::: Task inputs
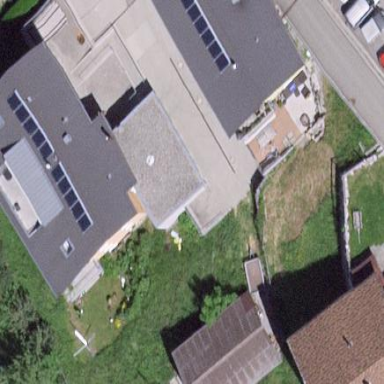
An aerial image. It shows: Group of garages.
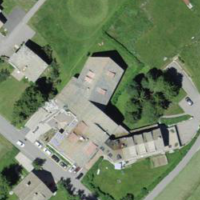
EUNIS habitat code: 55
Species observed at this site:
Arnica montana
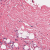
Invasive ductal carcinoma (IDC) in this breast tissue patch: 0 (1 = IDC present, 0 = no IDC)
::::::
### What you have to do
Output the data above without changes, apart from leaving out the pictures.

### Solution to this exercise
An aerial image. It shows: Group of garages.
EUNIS habitat code: 55
Species observed at this site:
Arnica montana
Invasive ductal carcinoma (IDC) in this breast tissue patch: 0 (1 = IDC present, 0 = no IDC)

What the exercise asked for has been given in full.